● **Exercise description**
Each line of the records below that holds "structure" should be copied out.

═══

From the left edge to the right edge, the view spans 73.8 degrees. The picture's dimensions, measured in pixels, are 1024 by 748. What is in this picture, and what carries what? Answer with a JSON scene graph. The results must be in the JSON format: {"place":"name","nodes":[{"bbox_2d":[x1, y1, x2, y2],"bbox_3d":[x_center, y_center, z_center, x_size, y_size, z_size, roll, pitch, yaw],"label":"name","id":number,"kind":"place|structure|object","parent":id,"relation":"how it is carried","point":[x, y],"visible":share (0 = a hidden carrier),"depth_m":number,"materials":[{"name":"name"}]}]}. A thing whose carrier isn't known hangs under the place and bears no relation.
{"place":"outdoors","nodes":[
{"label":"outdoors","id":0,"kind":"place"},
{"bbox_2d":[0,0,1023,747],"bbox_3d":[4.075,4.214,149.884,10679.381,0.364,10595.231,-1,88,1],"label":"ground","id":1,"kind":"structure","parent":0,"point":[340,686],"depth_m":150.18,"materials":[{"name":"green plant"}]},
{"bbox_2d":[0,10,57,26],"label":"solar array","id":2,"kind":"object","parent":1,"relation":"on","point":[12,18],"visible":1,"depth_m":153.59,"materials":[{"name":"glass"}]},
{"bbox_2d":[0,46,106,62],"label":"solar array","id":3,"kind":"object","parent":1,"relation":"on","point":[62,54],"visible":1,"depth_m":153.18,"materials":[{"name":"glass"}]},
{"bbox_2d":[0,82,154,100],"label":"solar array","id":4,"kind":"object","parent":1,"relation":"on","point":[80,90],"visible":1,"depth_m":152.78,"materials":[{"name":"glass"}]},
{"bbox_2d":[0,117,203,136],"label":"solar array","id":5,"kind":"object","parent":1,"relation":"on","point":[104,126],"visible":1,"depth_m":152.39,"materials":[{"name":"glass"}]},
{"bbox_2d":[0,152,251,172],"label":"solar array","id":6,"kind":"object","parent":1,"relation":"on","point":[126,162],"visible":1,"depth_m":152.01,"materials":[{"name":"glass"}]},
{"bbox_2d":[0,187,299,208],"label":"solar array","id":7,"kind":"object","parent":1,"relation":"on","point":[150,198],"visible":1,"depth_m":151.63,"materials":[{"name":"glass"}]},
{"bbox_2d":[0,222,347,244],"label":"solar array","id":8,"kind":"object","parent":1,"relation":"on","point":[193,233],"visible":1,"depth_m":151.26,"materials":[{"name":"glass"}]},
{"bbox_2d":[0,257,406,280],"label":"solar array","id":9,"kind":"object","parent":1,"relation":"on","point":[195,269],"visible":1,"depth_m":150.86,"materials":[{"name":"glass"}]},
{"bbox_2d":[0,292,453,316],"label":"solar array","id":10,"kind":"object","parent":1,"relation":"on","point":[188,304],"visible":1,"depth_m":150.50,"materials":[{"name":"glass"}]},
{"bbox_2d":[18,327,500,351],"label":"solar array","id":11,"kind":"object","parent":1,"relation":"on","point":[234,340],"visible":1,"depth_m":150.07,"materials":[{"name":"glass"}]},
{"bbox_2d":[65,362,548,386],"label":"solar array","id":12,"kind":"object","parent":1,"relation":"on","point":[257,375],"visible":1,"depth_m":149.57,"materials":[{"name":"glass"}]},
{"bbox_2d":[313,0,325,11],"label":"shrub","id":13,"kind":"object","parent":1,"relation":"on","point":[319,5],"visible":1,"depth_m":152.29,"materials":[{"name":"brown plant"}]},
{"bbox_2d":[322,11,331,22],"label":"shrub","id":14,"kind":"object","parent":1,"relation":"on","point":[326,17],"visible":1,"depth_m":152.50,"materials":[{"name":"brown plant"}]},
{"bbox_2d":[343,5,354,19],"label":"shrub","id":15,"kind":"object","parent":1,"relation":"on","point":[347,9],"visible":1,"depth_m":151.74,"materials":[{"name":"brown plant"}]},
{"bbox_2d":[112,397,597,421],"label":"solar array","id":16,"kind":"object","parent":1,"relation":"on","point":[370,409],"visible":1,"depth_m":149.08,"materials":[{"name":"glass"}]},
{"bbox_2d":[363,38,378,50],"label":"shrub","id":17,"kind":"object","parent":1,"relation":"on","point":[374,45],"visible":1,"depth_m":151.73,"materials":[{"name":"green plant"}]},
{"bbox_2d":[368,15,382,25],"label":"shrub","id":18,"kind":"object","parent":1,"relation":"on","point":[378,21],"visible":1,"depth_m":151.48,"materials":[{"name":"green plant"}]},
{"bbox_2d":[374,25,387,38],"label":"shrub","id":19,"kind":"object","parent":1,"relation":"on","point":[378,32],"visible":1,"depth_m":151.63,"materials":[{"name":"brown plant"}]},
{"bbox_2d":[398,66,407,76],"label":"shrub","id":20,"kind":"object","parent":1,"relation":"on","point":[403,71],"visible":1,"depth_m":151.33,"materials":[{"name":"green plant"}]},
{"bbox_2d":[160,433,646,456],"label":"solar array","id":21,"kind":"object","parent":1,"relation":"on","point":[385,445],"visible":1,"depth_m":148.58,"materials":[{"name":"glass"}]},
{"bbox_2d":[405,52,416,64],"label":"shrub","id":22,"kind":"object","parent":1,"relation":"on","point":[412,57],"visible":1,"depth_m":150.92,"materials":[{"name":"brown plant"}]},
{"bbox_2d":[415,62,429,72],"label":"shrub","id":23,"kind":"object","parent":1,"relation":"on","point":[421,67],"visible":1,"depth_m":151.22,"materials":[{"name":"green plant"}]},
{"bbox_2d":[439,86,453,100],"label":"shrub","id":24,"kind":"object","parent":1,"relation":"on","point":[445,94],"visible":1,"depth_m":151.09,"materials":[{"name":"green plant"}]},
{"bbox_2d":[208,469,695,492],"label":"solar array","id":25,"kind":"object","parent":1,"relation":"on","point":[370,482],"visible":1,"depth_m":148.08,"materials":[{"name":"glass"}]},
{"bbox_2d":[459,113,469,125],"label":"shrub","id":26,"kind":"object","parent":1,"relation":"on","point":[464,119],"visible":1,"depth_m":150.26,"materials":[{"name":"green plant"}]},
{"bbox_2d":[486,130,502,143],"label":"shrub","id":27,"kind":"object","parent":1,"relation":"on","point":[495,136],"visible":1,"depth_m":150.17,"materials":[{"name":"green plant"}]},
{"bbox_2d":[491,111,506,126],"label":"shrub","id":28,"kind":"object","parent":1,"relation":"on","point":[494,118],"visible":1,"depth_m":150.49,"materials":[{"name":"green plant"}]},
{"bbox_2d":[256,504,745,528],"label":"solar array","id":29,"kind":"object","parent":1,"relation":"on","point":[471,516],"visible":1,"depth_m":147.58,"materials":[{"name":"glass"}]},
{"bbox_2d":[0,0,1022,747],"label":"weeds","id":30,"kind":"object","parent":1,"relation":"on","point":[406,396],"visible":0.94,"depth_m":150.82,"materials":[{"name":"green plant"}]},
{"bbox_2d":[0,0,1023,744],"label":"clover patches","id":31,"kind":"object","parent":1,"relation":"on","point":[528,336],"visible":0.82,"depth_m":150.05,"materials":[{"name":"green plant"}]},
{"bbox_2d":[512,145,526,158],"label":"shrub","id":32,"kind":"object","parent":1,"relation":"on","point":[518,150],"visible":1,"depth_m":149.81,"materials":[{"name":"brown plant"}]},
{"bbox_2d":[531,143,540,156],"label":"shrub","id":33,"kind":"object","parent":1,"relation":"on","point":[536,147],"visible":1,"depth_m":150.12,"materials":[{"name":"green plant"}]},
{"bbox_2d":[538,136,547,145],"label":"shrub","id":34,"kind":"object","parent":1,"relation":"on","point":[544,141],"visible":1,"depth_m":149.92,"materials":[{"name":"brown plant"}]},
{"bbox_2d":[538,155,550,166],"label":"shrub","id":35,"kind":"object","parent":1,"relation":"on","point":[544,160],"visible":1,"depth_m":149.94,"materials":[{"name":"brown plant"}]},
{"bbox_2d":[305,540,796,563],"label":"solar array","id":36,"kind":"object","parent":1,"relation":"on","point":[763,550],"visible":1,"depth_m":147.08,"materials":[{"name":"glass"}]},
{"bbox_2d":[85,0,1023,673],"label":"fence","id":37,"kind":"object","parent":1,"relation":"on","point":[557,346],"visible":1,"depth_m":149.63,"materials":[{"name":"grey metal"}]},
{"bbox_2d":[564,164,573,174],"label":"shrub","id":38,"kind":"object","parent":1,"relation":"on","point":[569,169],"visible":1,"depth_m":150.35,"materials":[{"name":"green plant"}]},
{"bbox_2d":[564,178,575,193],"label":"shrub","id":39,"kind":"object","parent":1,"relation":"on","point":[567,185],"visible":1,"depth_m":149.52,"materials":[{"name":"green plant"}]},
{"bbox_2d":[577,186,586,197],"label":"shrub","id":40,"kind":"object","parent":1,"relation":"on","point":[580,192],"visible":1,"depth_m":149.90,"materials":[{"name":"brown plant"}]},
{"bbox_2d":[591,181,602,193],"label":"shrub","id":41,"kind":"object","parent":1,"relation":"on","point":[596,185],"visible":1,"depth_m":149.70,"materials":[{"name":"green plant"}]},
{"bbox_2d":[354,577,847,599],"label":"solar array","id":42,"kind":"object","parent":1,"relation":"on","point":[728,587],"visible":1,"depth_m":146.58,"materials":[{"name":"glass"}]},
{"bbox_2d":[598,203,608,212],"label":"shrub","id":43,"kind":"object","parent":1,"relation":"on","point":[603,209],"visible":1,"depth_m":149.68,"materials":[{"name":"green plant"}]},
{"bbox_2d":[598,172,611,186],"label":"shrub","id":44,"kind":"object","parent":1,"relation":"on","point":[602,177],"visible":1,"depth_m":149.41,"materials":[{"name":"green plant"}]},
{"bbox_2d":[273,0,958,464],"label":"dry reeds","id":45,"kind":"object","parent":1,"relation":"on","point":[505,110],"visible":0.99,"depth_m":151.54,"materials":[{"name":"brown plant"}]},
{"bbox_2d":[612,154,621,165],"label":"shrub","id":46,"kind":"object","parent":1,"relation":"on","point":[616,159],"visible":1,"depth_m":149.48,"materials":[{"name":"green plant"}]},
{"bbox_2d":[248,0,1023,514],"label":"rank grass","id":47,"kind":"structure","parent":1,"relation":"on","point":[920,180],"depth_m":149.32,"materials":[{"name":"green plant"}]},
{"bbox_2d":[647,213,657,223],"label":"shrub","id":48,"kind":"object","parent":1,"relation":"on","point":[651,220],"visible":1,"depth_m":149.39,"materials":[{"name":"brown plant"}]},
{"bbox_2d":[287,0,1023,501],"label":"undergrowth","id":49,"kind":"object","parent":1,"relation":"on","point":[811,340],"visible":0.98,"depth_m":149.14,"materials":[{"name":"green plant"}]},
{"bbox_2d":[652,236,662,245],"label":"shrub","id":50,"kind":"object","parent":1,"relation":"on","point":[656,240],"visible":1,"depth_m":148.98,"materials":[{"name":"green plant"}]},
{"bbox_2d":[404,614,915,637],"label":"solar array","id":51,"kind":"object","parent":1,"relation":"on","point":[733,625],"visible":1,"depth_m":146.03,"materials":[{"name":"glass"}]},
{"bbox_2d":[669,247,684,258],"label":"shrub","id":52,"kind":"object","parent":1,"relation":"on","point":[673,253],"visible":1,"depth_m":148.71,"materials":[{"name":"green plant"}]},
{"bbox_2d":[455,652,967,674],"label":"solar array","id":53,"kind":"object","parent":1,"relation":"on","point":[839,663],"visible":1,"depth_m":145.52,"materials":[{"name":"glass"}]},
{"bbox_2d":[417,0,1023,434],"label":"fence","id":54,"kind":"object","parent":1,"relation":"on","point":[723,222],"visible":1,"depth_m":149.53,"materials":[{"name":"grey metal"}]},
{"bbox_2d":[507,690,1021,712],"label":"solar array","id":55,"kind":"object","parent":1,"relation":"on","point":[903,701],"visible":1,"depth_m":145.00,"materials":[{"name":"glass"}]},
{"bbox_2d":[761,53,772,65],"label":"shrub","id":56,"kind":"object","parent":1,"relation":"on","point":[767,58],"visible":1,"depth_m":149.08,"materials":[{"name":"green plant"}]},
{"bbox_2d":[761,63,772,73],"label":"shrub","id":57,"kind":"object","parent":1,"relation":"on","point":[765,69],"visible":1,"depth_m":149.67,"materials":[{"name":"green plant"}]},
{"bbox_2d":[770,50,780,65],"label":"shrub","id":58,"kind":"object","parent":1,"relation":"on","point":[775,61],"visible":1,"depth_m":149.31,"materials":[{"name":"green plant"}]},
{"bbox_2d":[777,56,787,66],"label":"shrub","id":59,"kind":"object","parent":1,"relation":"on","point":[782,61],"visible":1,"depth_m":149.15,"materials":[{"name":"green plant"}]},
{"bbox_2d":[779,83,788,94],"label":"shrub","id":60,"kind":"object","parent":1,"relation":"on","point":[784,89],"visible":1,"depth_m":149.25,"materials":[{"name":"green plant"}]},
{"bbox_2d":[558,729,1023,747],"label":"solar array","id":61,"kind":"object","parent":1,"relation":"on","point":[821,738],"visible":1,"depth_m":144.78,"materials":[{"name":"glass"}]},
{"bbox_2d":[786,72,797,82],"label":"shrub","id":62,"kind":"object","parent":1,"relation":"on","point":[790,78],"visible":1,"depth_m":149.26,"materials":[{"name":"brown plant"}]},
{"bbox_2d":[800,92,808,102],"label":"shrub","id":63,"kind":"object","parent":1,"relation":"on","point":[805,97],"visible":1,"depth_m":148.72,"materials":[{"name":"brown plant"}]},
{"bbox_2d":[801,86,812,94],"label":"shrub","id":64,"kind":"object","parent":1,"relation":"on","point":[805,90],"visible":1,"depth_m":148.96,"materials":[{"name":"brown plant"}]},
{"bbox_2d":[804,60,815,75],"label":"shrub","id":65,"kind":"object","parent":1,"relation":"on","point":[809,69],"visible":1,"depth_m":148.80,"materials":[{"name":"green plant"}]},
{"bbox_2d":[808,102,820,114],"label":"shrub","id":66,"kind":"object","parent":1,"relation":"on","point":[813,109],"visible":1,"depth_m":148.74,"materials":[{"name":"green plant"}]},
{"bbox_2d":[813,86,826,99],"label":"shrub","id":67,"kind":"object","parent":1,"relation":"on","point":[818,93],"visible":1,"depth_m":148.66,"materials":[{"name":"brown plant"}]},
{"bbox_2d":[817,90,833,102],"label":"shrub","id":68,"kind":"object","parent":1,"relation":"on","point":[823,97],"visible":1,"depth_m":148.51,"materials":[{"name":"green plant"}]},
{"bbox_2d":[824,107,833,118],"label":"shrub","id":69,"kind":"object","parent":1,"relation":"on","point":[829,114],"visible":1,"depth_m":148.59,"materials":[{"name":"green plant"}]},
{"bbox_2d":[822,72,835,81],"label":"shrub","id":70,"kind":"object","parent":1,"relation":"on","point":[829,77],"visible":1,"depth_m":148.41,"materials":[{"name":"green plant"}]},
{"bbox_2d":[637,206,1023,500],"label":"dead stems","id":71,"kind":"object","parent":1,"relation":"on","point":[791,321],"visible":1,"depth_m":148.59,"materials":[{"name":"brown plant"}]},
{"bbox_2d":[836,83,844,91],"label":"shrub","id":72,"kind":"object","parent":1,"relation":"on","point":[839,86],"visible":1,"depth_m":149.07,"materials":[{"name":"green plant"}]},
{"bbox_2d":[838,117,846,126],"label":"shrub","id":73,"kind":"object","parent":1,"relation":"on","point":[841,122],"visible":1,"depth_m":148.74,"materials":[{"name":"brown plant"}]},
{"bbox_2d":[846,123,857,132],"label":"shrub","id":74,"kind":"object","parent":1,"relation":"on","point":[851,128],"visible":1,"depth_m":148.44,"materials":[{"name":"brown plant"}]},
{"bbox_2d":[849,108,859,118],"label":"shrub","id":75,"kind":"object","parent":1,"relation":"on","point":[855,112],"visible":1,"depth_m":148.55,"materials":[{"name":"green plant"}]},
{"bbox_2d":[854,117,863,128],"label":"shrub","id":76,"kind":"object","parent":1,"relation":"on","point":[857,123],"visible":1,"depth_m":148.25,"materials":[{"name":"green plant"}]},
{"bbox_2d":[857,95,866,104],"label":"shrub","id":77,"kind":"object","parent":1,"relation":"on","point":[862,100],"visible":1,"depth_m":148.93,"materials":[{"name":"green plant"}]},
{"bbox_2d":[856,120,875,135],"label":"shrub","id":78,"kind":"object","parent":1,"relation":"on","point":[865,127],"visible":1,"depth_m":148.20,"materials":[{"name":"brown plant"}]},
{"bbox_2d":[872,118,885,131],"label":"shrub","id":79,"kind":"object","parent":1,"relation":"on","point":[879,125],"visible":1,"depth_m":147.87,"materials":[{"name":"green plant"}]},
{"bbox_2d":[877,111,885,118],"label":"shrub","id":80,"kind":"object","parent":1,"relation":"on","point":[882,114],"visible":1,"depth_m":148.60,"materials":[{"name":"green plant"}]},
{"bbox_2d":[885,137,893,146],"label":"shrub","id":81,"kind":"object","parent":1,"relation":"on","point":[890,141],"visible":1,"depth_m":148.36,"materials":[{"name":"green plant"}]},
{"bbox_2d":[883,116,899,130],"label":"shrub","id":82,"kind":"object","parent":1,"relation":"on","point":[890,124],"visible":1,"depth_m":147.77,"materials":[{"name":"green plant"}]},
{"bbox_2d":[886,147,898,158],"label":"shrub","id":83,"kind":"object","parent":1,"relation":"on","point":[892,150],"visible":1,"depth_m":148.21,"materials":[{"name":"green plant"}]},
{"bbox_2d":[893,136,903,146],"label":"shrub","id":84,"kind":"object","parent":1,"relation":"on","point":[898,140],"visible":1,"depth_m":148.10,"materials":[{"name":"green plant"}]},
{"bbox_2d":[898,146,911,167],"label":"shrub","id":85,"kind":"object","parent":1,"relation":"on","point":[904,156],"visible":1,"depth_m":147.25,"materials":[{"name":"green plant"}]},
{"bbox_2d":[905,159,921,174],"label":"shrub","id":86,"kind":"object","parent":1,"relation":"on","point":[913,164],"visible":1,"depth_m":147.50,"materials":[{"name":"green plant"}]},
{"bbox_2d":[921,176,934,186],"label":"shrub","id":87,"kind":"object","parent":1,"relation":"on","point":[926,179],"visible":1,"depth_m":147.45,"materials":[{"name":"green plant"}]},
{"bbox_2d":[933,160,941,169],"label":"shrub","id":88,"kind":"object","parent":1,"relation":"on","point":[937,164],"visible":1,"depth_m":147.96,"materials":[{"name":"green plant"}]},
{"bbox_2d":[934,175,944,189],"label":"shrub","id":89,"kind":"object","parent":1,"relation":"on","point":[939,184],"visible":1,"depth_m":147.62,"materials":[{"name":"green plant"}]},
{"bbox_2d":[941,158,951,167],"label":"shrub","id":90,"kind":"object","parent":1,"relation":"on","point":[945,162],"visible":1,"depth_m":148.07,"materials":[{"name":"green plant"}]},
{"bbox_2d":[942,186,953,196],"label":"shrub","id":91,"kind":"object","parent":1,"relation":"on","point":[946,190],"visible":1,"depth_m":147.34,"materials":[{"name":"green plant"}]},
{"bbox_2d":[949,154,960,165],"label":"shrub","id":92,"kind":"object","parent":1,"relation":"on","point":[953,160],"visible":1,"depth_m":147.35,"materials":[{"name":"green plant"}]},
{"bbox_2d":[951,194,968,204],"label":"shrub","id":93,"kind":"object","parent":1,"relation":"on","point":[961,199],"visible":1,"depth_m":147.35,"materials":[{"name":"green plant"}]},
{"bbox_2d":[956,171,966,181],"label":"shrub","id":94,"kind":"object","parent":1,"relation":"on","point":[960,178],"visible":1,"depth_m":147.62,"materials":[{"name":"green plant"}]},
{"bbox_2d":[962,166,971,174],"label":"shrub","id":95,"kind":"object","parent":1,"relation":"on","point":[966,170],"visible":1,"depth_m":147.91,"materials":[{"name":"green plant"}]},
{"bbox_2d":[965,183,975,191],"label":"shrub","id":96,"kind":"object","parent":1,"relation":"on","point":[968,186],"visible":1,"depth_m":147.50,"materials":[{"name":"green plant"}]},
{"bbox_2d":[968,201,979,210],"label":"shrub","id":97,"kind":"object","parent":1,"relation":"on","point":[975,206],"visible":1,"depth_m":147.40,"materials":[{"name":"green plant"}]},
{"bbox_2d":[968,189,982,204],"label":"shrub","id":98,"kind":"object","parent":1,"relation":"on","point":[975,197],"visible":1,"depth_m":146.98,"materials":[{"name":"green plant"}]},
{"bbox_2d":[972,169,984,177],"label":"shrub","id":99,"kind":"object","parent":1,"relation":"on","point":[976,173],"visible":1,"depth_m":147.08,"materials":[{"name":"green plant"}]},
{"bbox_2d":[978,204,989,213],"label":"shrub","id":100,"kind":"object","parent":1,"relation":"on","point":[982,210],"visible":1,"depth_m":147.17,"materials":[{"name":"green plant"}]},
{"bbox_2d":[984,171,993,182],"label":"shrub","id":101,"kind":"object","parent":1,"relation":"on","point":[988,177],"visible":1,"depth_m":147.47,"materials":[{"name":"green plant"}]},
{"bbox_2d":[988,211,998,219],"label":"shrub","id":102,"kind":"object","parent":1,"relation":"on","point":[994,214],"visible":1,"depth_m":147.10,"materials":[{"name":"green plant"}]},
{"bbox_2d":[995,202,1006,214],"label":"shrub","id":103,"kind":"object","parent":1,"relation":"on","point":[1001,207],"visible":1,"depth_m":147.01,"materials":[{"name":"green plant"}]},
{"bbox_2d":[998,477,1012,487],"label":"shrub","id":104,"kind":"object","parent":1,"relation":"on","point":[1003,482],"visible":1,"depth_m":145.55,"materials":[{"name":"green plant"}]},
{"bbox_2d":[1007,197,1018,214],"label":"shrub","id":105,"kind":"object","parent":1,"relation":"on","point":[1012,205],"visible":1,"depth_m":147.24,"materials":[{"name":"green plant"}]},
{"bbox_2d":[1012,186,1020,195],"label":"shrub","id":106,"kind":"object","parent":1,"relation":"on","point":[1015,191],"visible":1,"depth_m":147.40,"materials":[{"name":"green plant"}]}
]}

═══

● **Exercise result**
From the left edge to the right edge, the view spans 73.8 degrees. The picture's dimensions, measured in pixels, are 1024 by 748. What is in this picture, and what carries what? Answer with a JSON scene graph. The results must be in the JSON format: {"place":"name","nodes":[{"bbox_2d":[x1, y1, x2, y2],"bbox_3d":[x_center, y_center, z_center, x_size, y_size, z_size, roll, pitch, yaw],"label":"name","id":number,"kind":"place|structure|object","parent":id,"relation":"how it is carried","point":[x, y],"visible":share (0 = a hidden carrier),"depth_m":number,"materials":[{"name":"name"}]}]}. A thing whose carrier isn't known hangs under the place and bears no relation.
{"bbox_2d":[0,0,1023,747],"bbox_3d":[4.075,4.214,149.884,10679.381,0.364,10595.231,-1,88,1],"label":"ground","id":1,"kind":"structure","parent":0,"point":[340,686],"depth_m":150.18,"materials":[{"name":"green plant"}]},
{"bbox_2d":[248,0,1023,514],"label":"rank grass","id":47,"kind":"structure","parent":1,"relation":"on","point":[920,180],"depth_m":149.32,"materials":[{"name":"green plant"}]},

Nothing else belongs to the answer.